He repeatedly asserts that life does not come from outside but from within. Home is not small, but our spirit is stunted and sometimes petty. No lover feels love as something small or ridiculous, even if over time home becomes too big for them. For Chesterton, that is precisely the best reason to defend those realities born of love: because they are greater than oneself. Otherwise, neither would be worthwhile, neither the feeling nor the institution. “Let no one boast that he abandons his family for the love of art or science,” he wrote elsewhere, “he abandons it because he flees from the disconcerting knowledge of humanity and the impossible art of life.”

For the English poet and essayist, it is the “I” sheltered in its selfish shell, often childish or puerile, that is incapable of accepting the wonder of home, incapable of seeing the greatness of such a generous epic, tragic, and comic composition in the kitchen or bedroom or bathroom or children's room, and one that human beings must play a leading role in if they do not want to strip themselves of their own humanity.
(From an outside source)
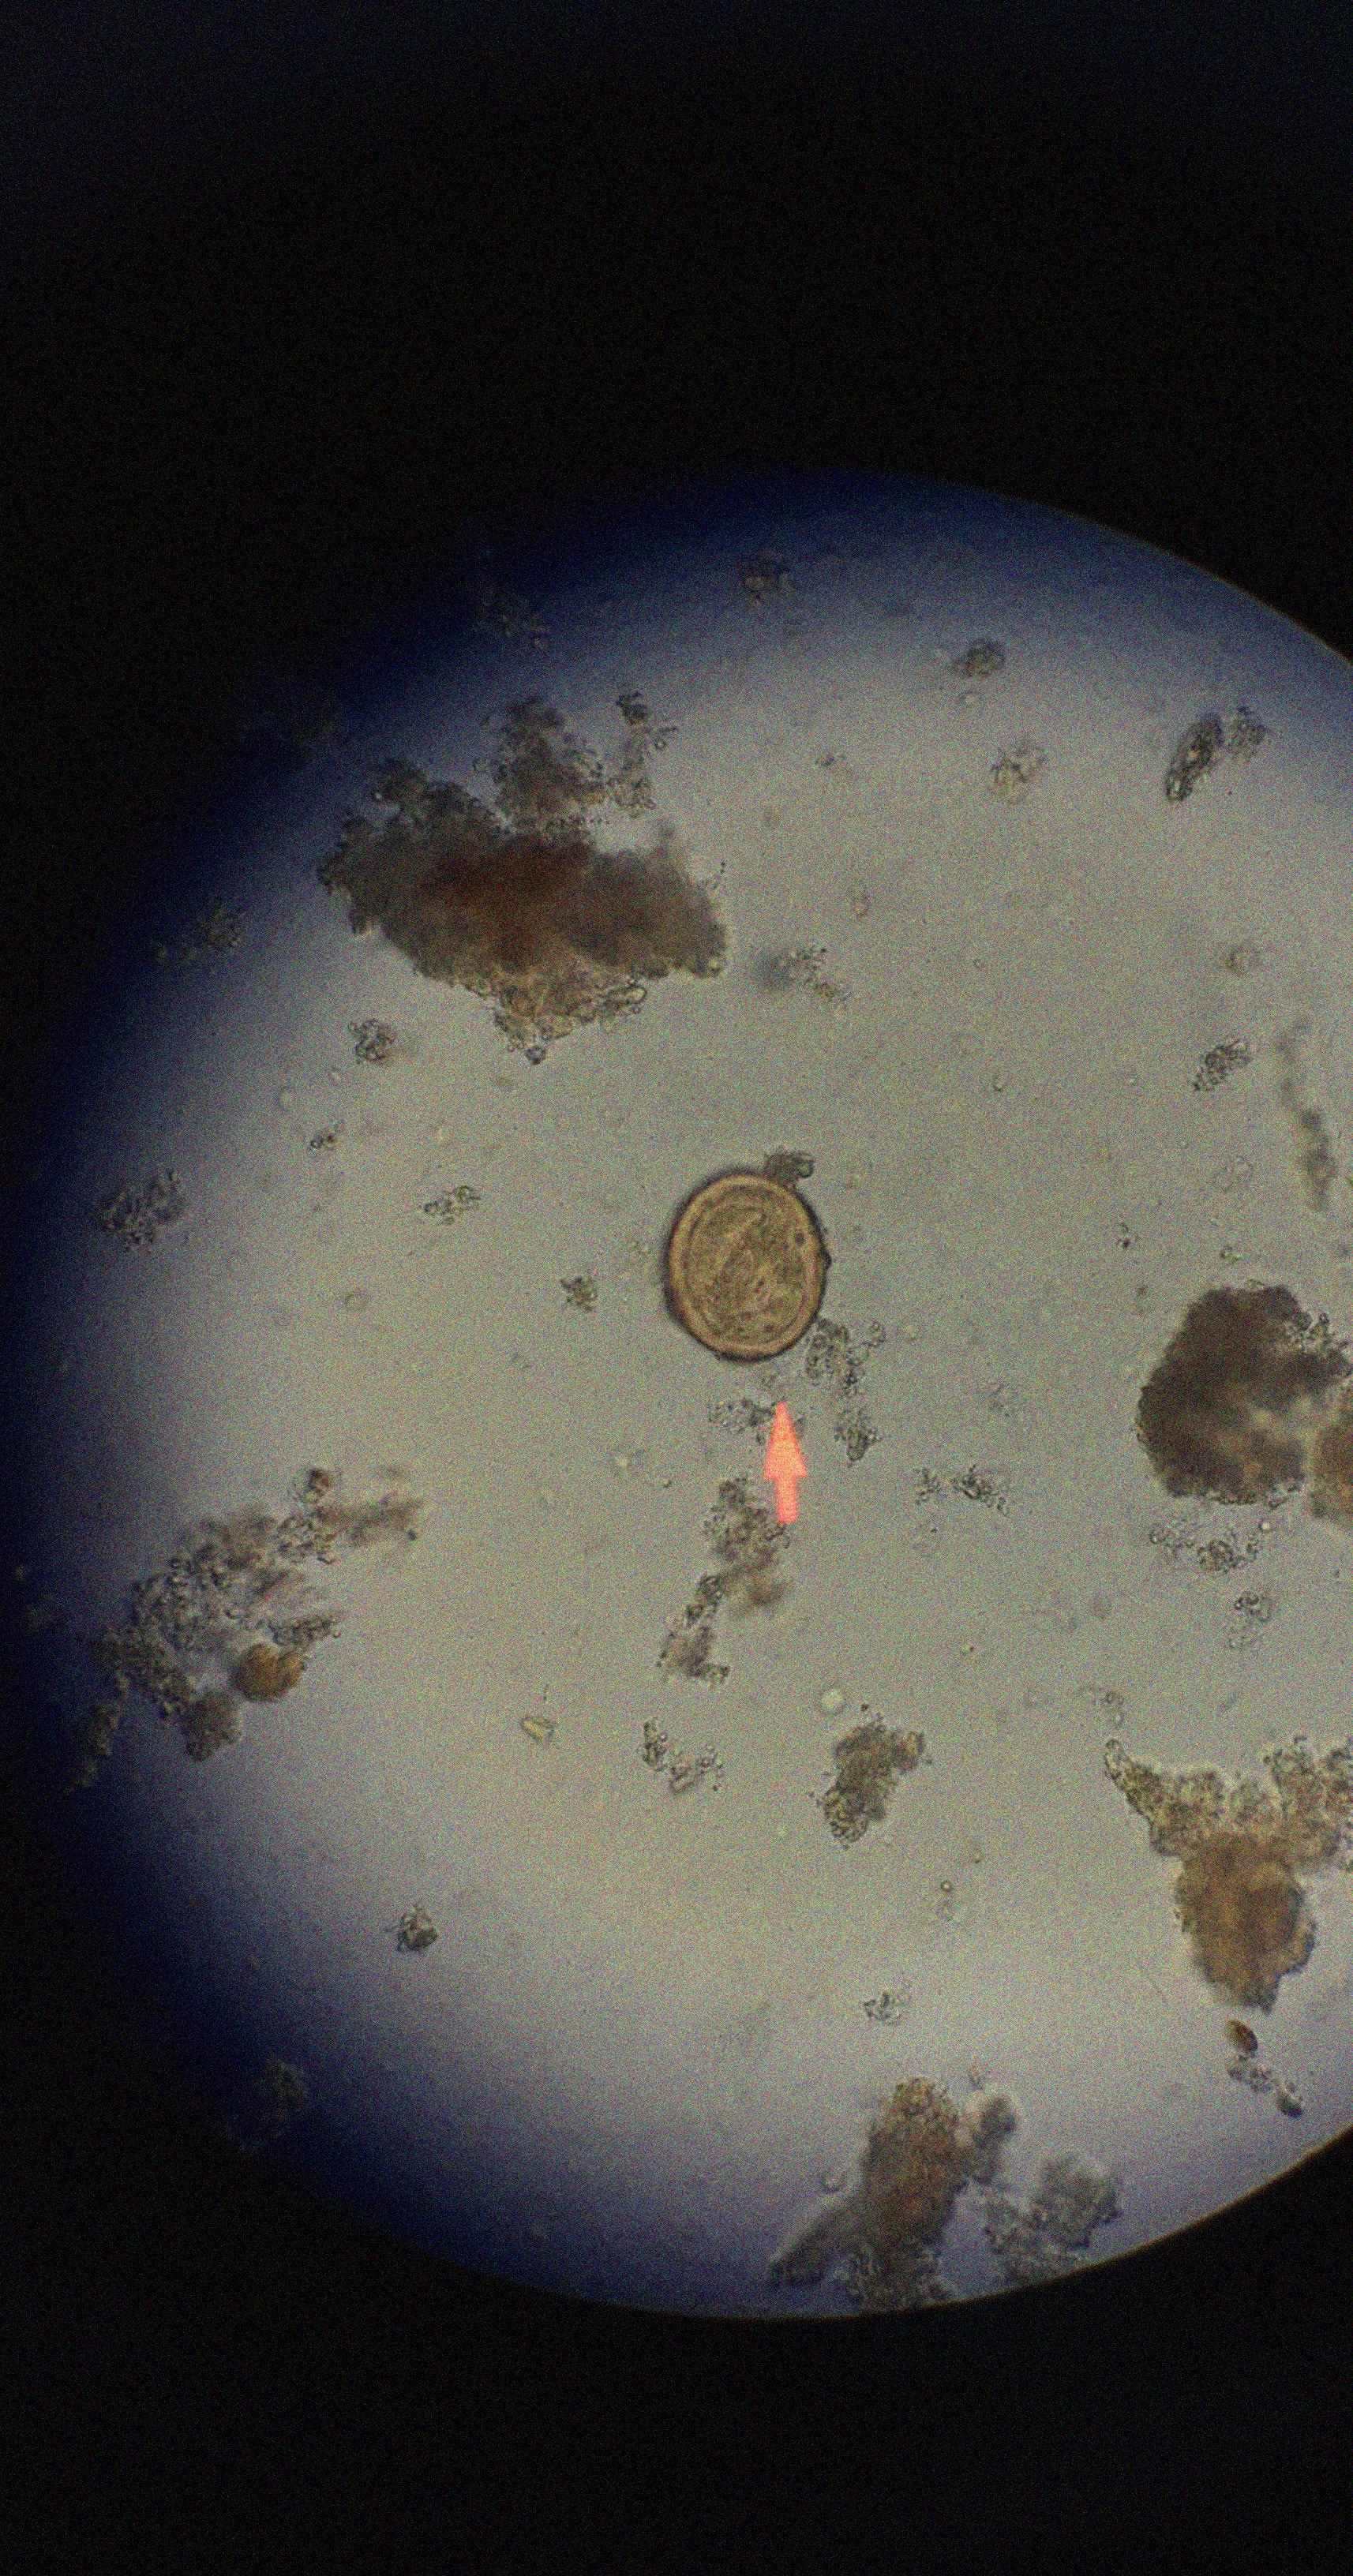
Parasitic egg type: Ascaris lumbricoides

To paraphrase an expression by Teresa of Ávila, one could say that if we do not find ourselves “among the pots and pans in the kitchen, we will never find ourselves.”

Among external enemies, Chesterton saw greed and consumer society, so flashy on the outside and empty on the inside, as the number one enemy. “The danger,” he wrote almost a hundred years ago, “is not in Moscow but much more in Manhattan.” The enemy was not only socialist collectivism but also, and above all, individualism, the unhealthy obsession with the self that fosters a childish selfishness incapable of seeing beyond its own nose: “And if there is one thing in the world I hate more than being a communist, it is being an individualist.” Collectivism that harms the family also appears in domestic attitudes and practices that subtly or violently penetrate and destroy the good of marriage and the home under all kinds of “kind” excuses.



In his biography of Robert Browning, when discussing the poet's marriage to the poet Elizabeth Barrett, Chesterton described her father's house as “that of a madman” who treated his daughter “as if she were one of the pieces of furniture in the house and in the universe,” because "the worst tyrant is not the man who rules by terror; the worst tyrant is the one who rules by love and manipulates others as if he were simply playing the harp." The natural and unquestionable authority of parents can create such an oppressive atmosphere that the home ends up being a sentence in prison or a concentration camp.

Paternalism is not a virtue but a disease of parenthood, and always fatal; the other extreme, permissiveness, can be equally harmful. Both attitudes or behaviors are perverse because they go against freedom, and they do so precisely in the place that should be the cradle, school, and glory of freedom.

Reading and rereading for this anthology, I seemed to glimpse that family is the thread that weaves together all of Chesterton's work. Of his conversion to Catholicism in 1922, he said that he had felt like someone finally returning home, “the home of humanity” as he called it, surprised to find that the madness of the Gospel was the only sane thing in the world. “The madhouse has been a house to which, century after century, men have returned as if returning home,” as he wrote in his magnificent conclusion to The Everlasting Man. His praise is valid, but it is not of a family that has never existed (like that “ideal family” of Christian militancy) and which is nothing more than a nightmare, but of our everyday home, a reality no less imperfect in itself than those who build and compose it.

In The City of God, Saint Augustine forgave the Romans' belief in the divinity of Romulus, saying that “it did not originate from a love of error but from an error of love” (De civitate Dei, xxii, 6). I think that some error of love has to do with the situation of the family in some modern societies, although sometimes it is not as easy to excuse as the belief in the divinity of the founder of Rome.

On the other hand, Chesterton believed that the decline of the domestic sphere was not due to a lack of traditional morality or simple human weakness, but rather to the emergence of an entire doctrine against the family, a conviction that led him to counterattack and defend a cause that he considered the greatest of all, since the family was at stake in terms of freedom from totalitarianism and the fulfillment of the citizen as a person, not to mention the intimate and almost domestic character of the Christian God, who believes in the divine presence in a newborn in the Jewish village of Nazareth.

Often, when reading these essays, the reader imagines Chesterton raising his flag and ready for battle: "We fight for the guild and the rendezvous of two lovers; for memories that never die and for the possible encounter between human beings; for everything that makes life anything but an uncontrollable nightmare. We fight for the long arm of honor and memory; for everything that can lift a human being above the quicksand of their own emotional states and give them dominion over passing time." I have never read anything about the vows or promises exchanged by bride and groom in private and in public as profound and sublime as Chesterton has written. The truly romantic does not appear here as “falling in love” or an ever-easy and theatrical “honeymoon” (an appropriate gift from consumer society) but rather the construction of love above emotions and feelings that come and go.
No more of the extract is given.